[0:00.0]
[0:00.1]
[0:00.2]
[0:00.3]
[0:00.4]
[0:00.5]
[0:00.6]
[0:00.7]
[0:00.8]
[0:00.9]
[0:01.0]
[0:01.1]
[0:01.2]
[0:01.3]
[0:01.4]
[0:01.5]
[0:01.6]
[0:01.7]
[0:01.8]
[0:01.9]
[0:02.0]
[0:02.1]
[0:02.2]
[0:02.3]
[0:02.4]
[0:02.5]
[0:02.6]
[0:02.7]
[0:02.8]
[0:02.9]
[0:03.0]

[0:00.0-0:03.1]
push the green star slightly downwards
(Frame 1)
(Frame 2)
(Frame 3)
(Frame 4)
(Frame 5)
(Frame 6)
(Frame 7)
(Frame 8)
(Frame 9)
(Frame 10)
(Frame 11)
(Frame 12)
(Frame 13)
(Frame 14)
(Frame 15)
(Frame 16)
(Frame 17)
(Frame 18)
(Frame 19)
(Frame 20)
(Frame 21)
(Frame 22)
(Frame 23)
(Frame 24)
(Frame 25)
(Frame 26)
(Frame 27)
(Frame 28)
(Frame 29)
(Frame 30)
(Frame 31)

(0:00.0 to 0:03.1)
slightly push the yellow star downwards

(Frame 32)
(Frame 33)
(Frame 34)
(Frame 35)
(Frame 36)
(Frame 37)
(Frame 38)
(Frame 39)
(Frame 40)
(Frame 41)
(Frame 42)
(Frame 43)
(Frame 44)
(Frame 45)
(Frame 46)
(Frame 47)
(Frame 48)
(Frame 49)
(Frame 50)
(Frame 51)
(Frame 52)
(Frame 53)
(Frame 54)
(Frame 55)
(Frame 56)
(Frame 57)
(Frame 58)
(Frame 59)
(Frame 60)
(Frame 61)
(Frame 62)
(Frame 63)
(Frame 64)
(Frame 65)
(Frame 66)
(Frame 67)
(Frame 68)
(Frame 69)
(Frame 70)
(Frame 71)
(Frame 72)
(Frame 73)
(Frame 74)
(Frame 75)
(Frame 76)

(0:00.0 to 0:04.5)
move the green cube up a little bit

*Task prompt*. Reprint the whole listing above exactly.

*Output of the exercise*.
[0:00.0]
[0:00.1]
[0:00.2]
[0:00.3]
[0:00.4]
[0:00.5]
[0:00.6]
[0:00.7]
[0:00.8]
[0:00.9]
[0:01.0]
[0:01.1]
[0:01.2]
[0:01.3]
[0:01.4]
[0:01.5]
[0:01.6]
[0:01.7]
[0:01.8]
[0:01.9]
[0:02.0]
[0:02.1]
[0:02.2]
[0:02.3]
[0:02.4]
[0:02.5]
[0:02.6]
[0:02.7]
[0:02.8]
[0:02.9]
[0:03.0]

[0:00.0-0:03.1]
push the green star slightly downwards
(Frame 1)
(Frame 2)
(Frame 3)
(Frame 4)
(Frame 5)
(Frame 6)
(Frame 7)
(Frame 8)
(Frame 9)
(Frame 10)
(Frame 11)
(Frame 12)
(Frame 13)
(Frame 14)
(Frame 15)
(Frame 16)
(Frame 17)
(Frame 18)
(Frame 19)
(Frame 20)
(Frame 21)
(Frame 22)
(Frame 23)
(Frame 24)
(Frame 25)
(Frame 26)
(Frame 27)
(Frame 28)
(Frame 29)
(Frame 30)
(Frame 31)

(0:00.0 to 0:03.1)
slightly push the yellow star downwards

(Frame 32)
(Frame 33)
(Frame 34)
(Frame 35)
(Frame 36)
(Frame 37)
(Frame 38)
(Frame 39)
(Frame 40)
(Frame 41)
(Frame 42)
(Frame 43)
(Frame 44)
(Frame 45)
(Frame 46)
(Frame 47)
(Frame 48)
(Frame 49)
(Frame 50)
(Frame 51)
(Frame 52)
(Frame 53)
(Frame 54)
(Frame 55)
(Frame 56)
(Frame 57)
(Frame 58)
(Frame 59)
(Frame 60)
(Frame 61)
(Frame 62)
(Frame 63)
(Frame 64)
(Frame 65)
(Frame 66)
(Frame 67)
(Frame 68)
(Frame 69)
(Frame 70)
(Frame 71)
(Frame 72)
(Frame 73)
(Frame 74)
(Frame 75)
(Frame 76)

(0:00.0 to 0:04.5)
move the green cube up a little bit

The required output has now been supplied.